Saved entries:
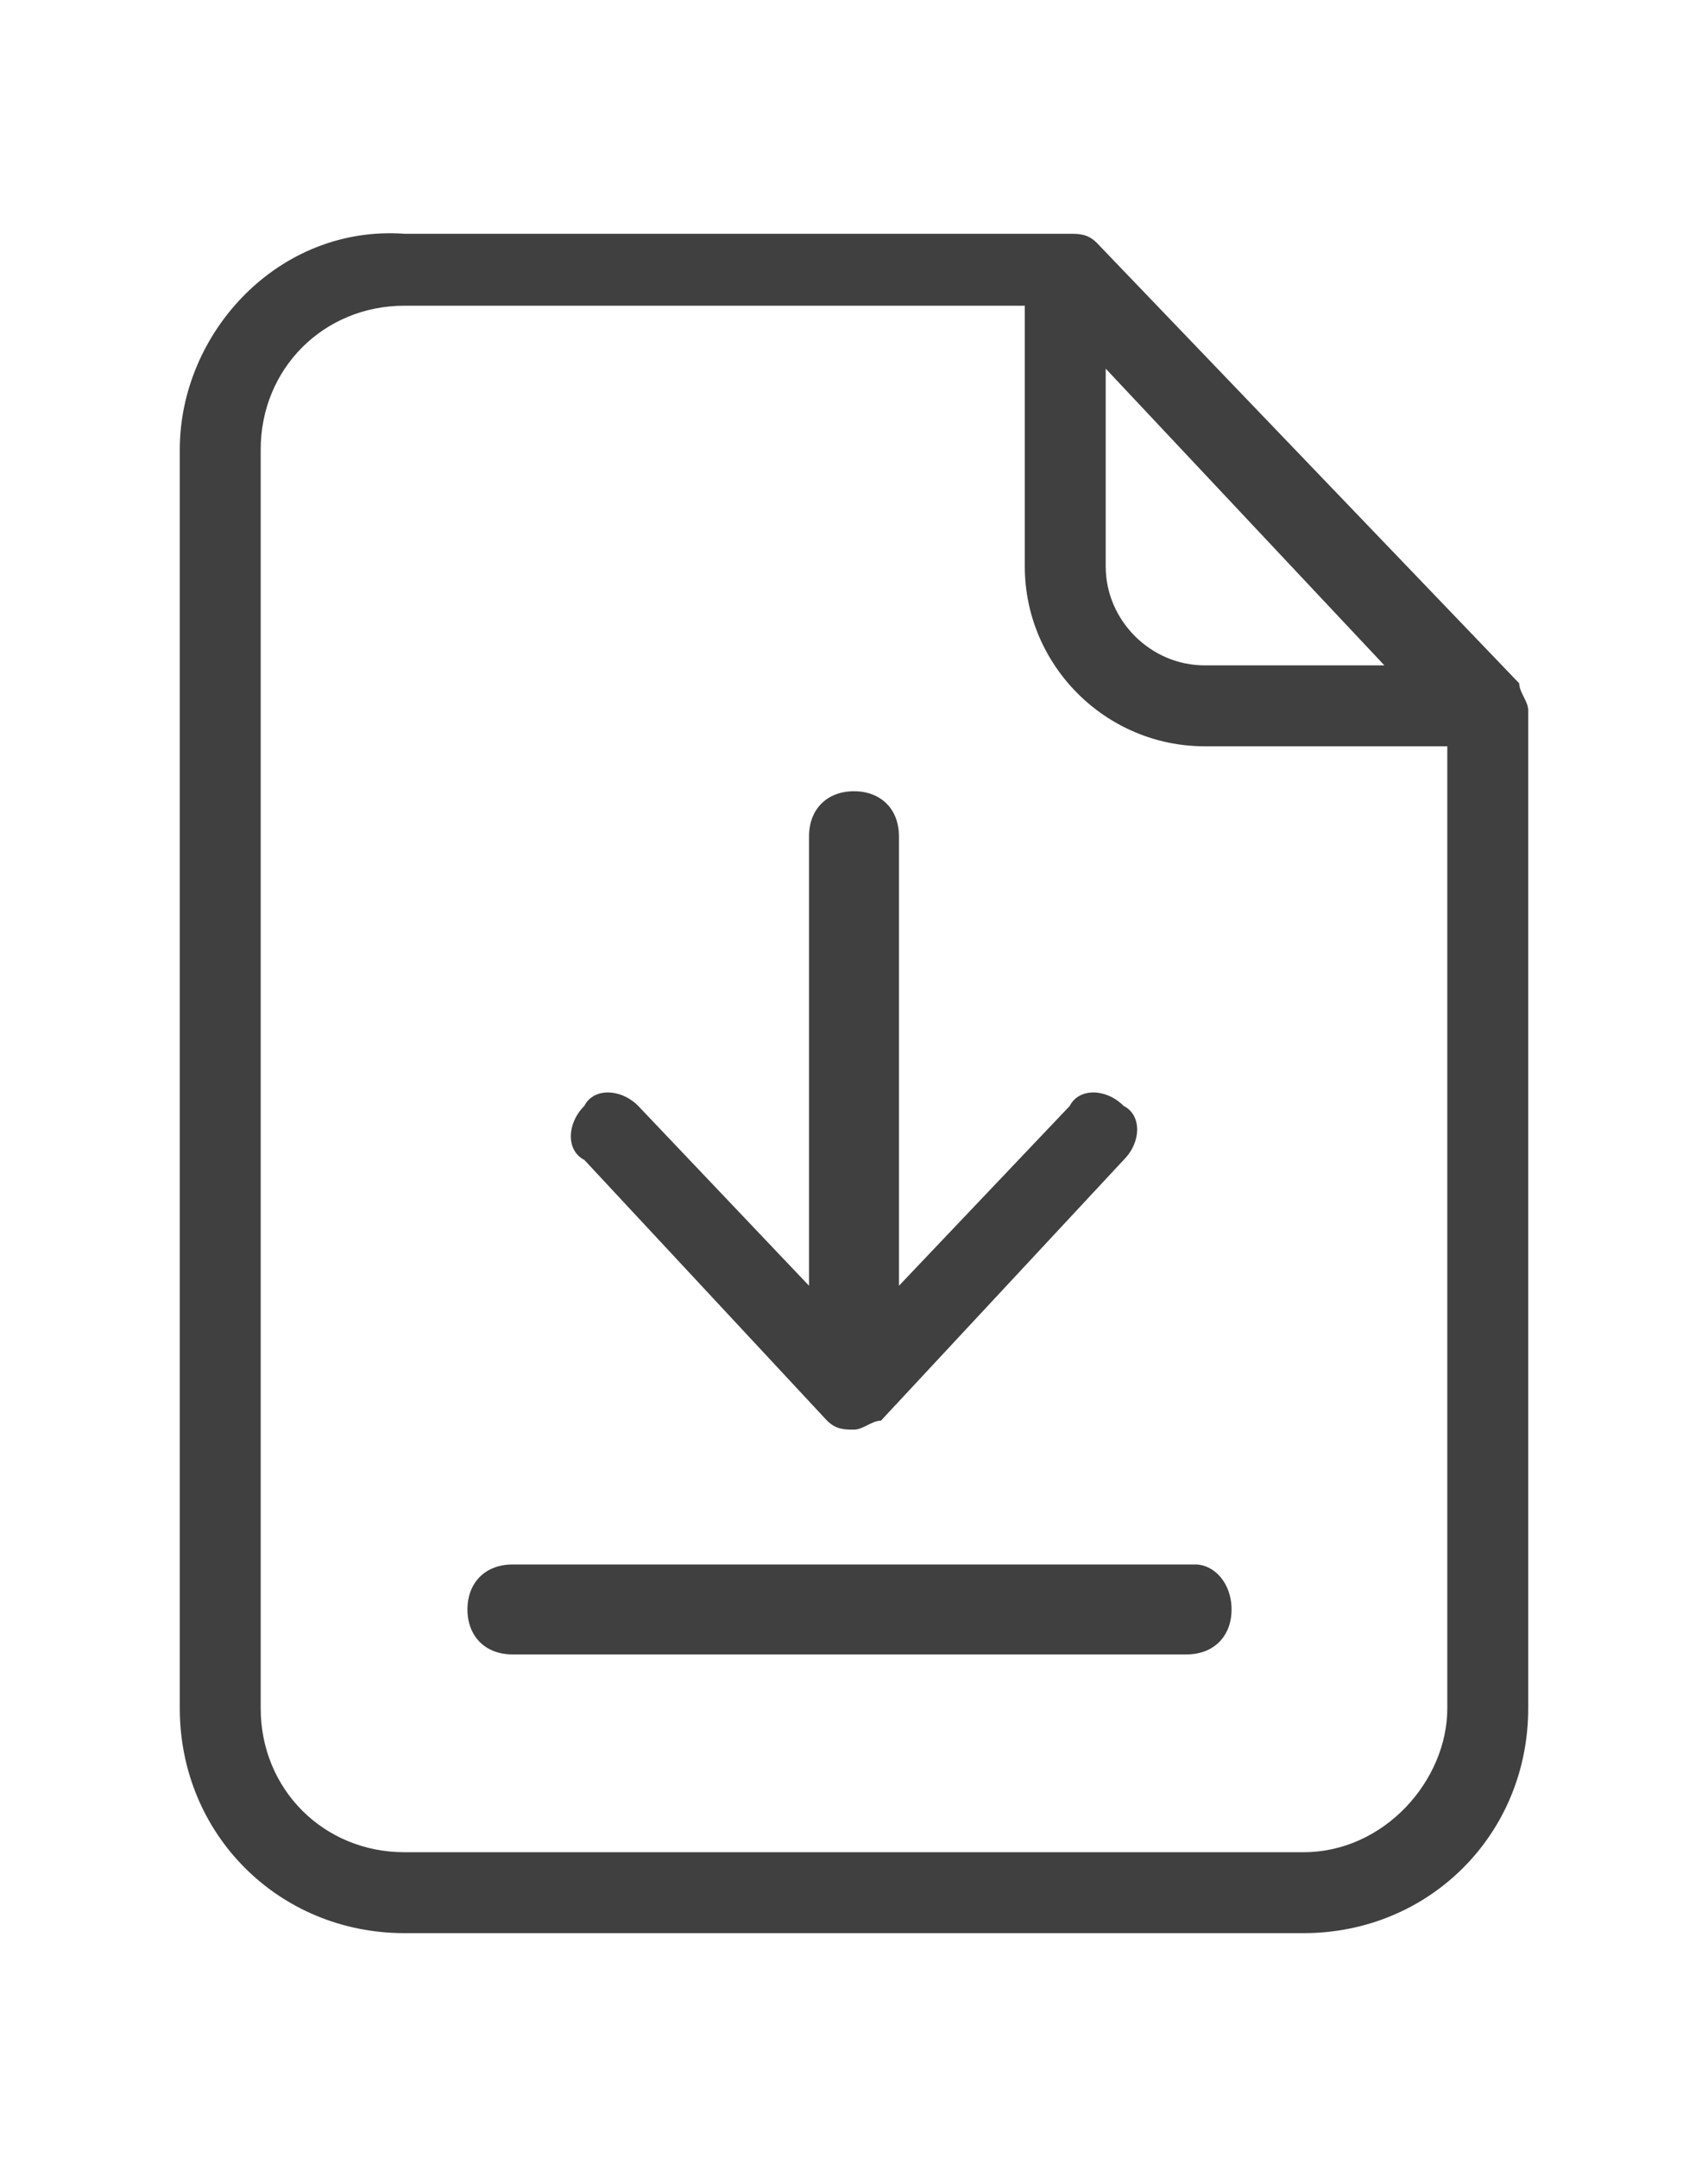 <?xml version="1.0" encoding="utf-8"?>
<!-- Generator: Adobe Illustrator 24.1.3, SVG Export Plug-In . SVG Version: 6.00 Build 0)  -->
<svg version="1.1" id="Layer_1" xmlns="http://www.w3.org/2000/svg" xmlns:xlink="http://www.w3.org/1999/xlink" x="0px" y="0px"
	 viewBox="0 0 19 24" style="enable-background:new 0 0 19 24;" xml:space="preserve">
<style type="text/css">
	.st0{fill:#404041;}
</style>
<g id="surface1_7_">
	<path class="st0" d="M12.2,2.7c-0.1-0.1-0.2-0.1-0.3-0.1H4.5C3.1,2.5,2,3.7,2,5v14c0,1.4,1.1,2.5,2.5,2.5h10c1.4,0,2.5-1.1,2.5-2.5
		V7.9c0-0.1-0.1-0.2-0.1-0.3L12.2,2.7z M12.3,4.1l3.1,3.3h-2c-0.6,0-1.1-0.5-1.1-1.1V4.1z M14.5,20.6h-10c-0.9,0-1.6-0.7-1.6-1.6V5
		c0-0.9,0.7-1.6,1.6-1.6h6.9v2.9c0,1.1,0.9,2,2,2h2.7V19C16.1,19.8,15.4,20.6,14.5,20.6z"/>
	<path class="st0" d="M13.3,17.4H5.7c-0.3,0-0.5,0.2-0.5,0.5c0,0.3,0.2,0.5,0.5,0.5h7.5c0.3,0,0.5-0.2,0.5-0.5
		C13.7,17.6,13.5,17.4,13.3,17.4z"/>
	<path class="st0" d="M9.2,15.8c0.1,0.1,0.2,0.1,0.3,0.1c0.1,0,0.2-0.1,0.3-0.1l2.7-2.9c0.2-0.2,0.2-0.5,0-0.6
		c-0.2-0.2-0.5-0.2-0.6,0l-1.9,2v-5C10,9,9.8,8.8,9.5,8.8S9,9,9,9.3v5l-1.9-2c-0.2-0.2-0.5-0.2-0.6,0c-0.2,0.2-0.2,0.5,0,0.6
		L9.2,15.8z"/>
</g>
</svg>

EXERCISE DESCRIPTION :: Without the pictures, extract every entry verbatim.

RESPONSE TO THE EXERCISE ::
 <?xml version="1.0" encoding="utf-8"?>
<!-- Generator: Adobe Illustrator 24.1.3, SVG Export Plug-In . SVG Version: 6.00 Build 0)  -->
<svg version="1.1" id="Layer_1" xmlns="http://www.w3.org/2000/svg" xmlns:xlink="http://www.w3.org/1999/xlink" x="0px" y="0px"
	 viewBox="0 0 19 24" style="enable-background:new 0 0 19 24;" xml:space="preserve">
<style type="text/css">
	.st0{fill:#404041;}
</style>
<g id="surface1_7_">
	<path class="st0" d="M12.2,2.7c-0.1-0.1-0.2-0.1-0.3-0.1H4.5C3.1,2.5,2,3.7,2,5v14c0,1.4,1.1,2.5,2.5,2.5h10c1.4,0,2.5-1.1,2.5-2.5
		V7.9c0-0.1-0.1-0.2-0.1-0.3L12.2,2.7z M12.3,4.1l3.1,3.3h-2c-0.6,0-1.1-0.5-1.1-1.1V4.1z M14.5,20.6h-10c-0.9,0-1.6-0.7-1.6-1.6V5
		c0-0.9,0.7-1.6,1.6-1.6h6.9v2.9c0,1.1,0.9,2,2,2h2.7V19C16.1,19.8,15.4,20.6,14.5,20.6z"/>
	<path class="st0" d="M13.3,17.4H5.7c-0.3,0-0.5,0.2-0.5,0.5c0,0.3,0.2,0.5,0.5,0.5h7.5c0.3,0,0.5-0.2,0.5-0.5
		C13.7,17.6,13.5,17.4,13.3,17.4z"/>
	<path class="st0" d="M9.2,15.8c0.1,0.1,0.2,0.1,0.3,0.1c0.1,0,0.2-0.1,0.3-0.1l2.7-2.9c0.2-0.2,0.2-0.5,0-0.6
		c-0.2-0.2-0.5-0.2-0.6,0l-1.9,2v-5C10,9,9.8,8.8,9.5,8.8S9,9,9,9.3v5l-1.9-2c-0.2-0.2-0.5-0.2-0.6,0c-0.2,0.2-0.2,0.5,0,0.6
		L9.2,15.8z"/>
</g>
</svg>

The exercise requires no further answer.